Just like China in the late 1930s, Russia is fighting a lonely war. In fighting to stop Nato’s eastward expansion, Russia has faced setbacks such as cutthroat economic sanctions and the transatlantic security alliance’s expansion with the possible addition of Sweden and Finland.
But with the timely rebound of the Russian currency and Europe’s energy dependence, Russia can afford to wait. The high cost of living, especially in western Europe, could eventually change public opinion and the perception of Nato.

Even supporters of Ukraine, such as British Prime Minister Boris Johnson, are facing challenging political realities – Scotland and Northern Ireland might slowly be moving away from the United Kingdom. Recent local elections have consolidated Scottish First Minister Nicola Sturgeon’s position and strengthened her resolve to push through a second independence referendum.

The long-term trend may be for a more pragmatic western Europe, and bread-and-butter issues might prevail over the temporary public sympathy for the actor-turned-President Volodymyr Zelensky. The only solution for Ukraine is neutrality; it would be unsustainable for Zelensky to keep on begging for billions.

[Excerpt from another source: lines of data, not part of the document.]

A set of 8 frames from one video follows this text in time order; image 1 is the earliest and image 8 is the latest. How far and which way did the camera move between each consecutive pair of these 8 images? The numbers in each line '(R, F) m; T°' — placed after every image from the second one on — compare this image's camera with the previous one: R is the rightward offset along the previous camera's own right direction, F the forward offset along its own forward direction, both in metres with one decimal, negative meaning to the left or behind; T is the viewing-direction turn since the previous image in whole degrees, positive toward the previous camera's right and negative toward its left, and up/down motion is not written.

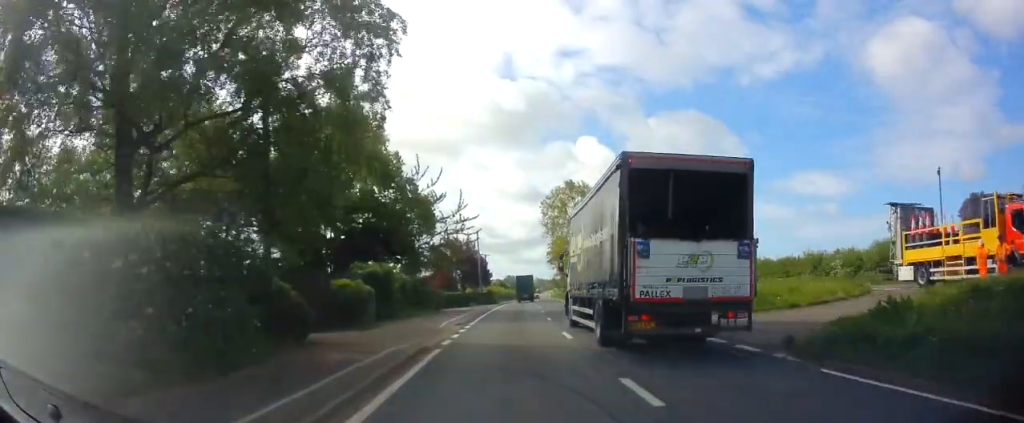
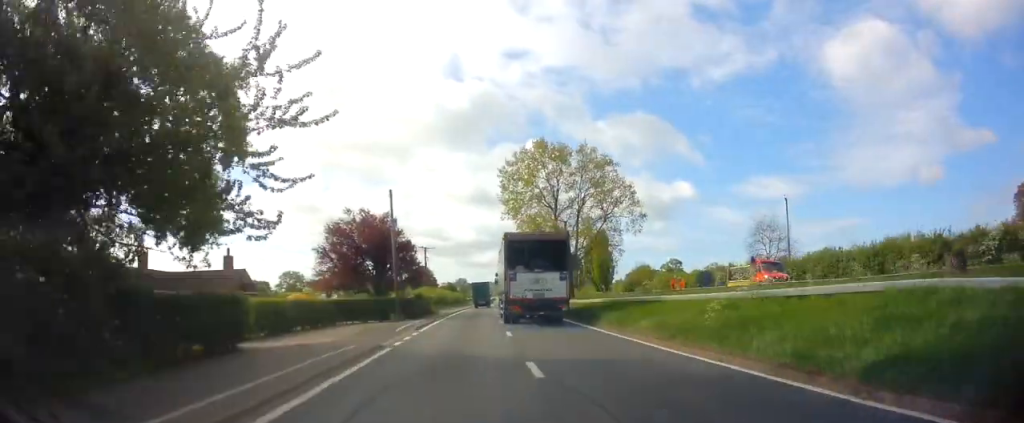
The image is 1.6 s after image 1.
(+0.7, +23.7) m; +4°
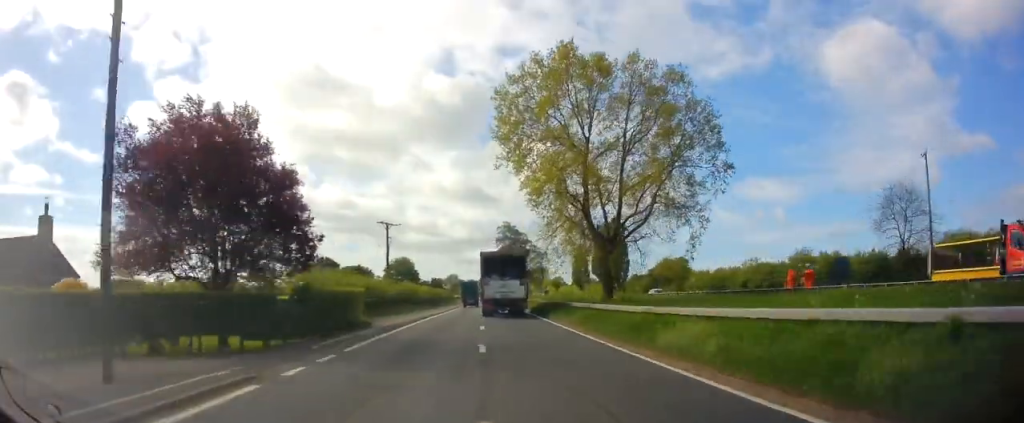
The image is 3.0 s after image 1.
(+0.2, +22.4) m; 0°
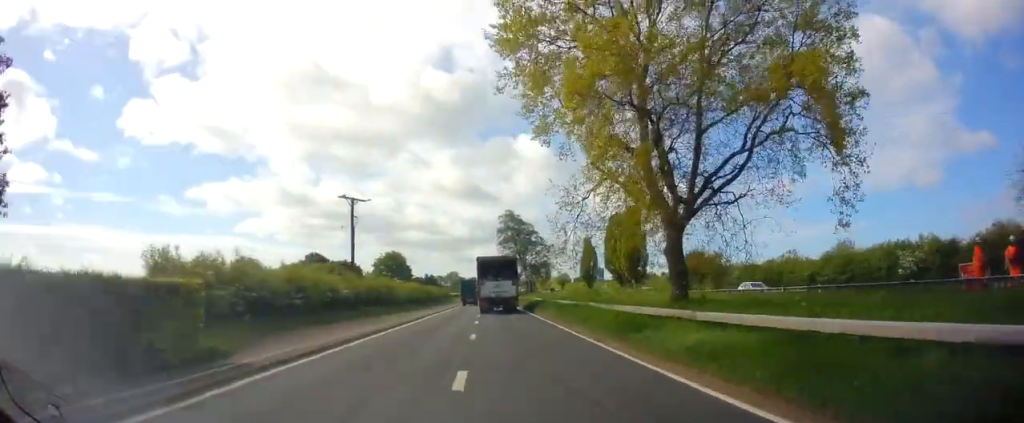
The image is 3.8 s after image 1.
(-0.1, +13.5) m; 0°
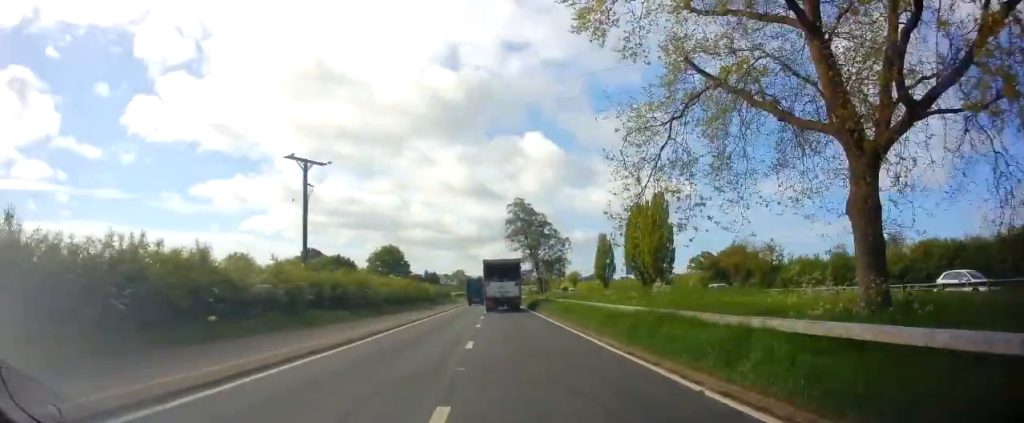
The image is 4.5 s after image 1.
(+0.2, +11.6) m; 0°
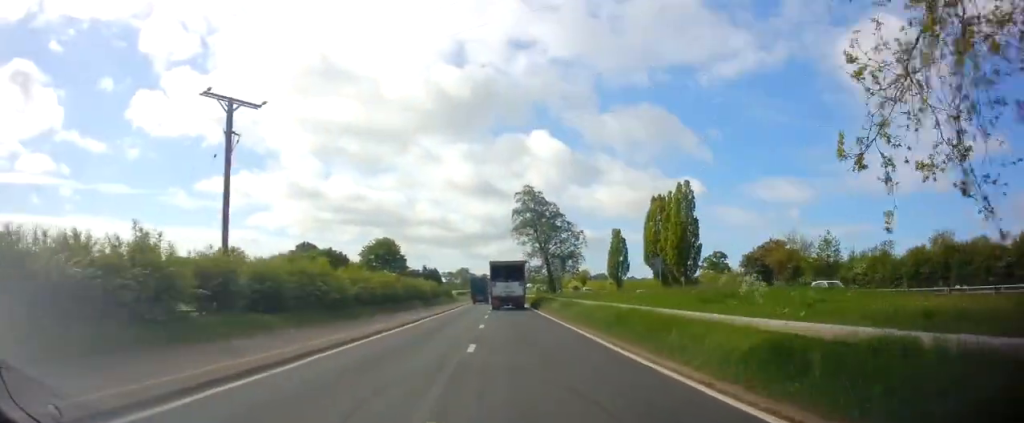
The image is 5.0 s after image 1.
(-0.1, +9.5) m; 0°
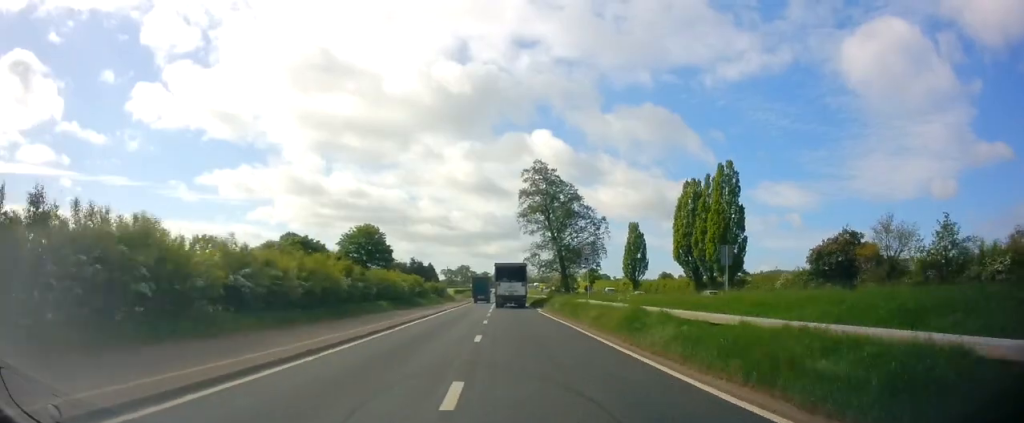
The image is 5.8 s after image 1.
(-0.1, +14.6) m; 0°
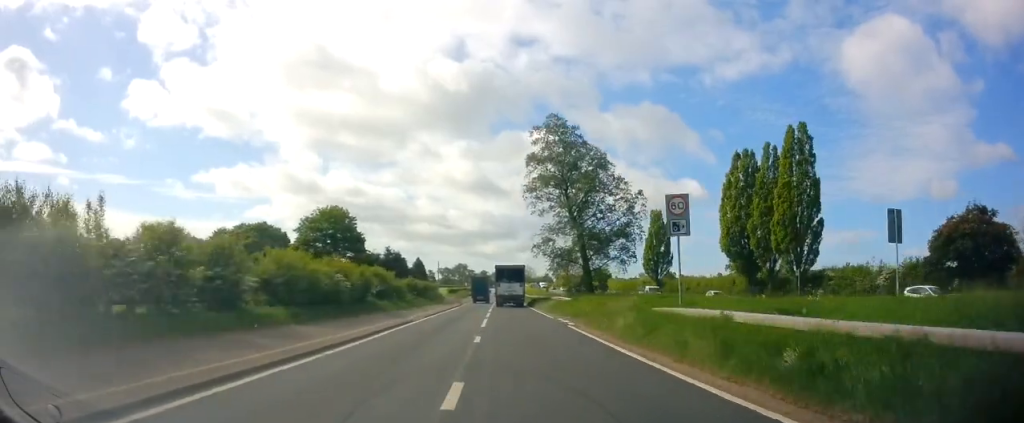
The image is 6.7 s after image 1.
(+0.2, +17.0) m; 0°

Nato’s favoured position in eastern and northern Europe is also unsustainable. More countries in eastern Europe, burdened by millions of refugees, could sooner or later adopt a Hungary-style pragmatism. The regional conflict is likely to be finally settled by energy and food prices, and other market forces.

Thirty years after the dissolution of the Soviet Union, key international relations phrases such as “balance of power” and “spheres of influence” have been deemed obsolete. But without such considerations, a third world war would be just around the corner.

Chairman Mao’s essay showed a touch of realpolitik, a much-needed mindset to prevent regional conflicts from escalating. In the case of Ukraine, there will be many losers and no winners, not unlike the Korean war that broke out 72 years ago. Largely forgotten by many Americans, that war still served its purpose, by redefining the balance of power and recognising the spheres of influence.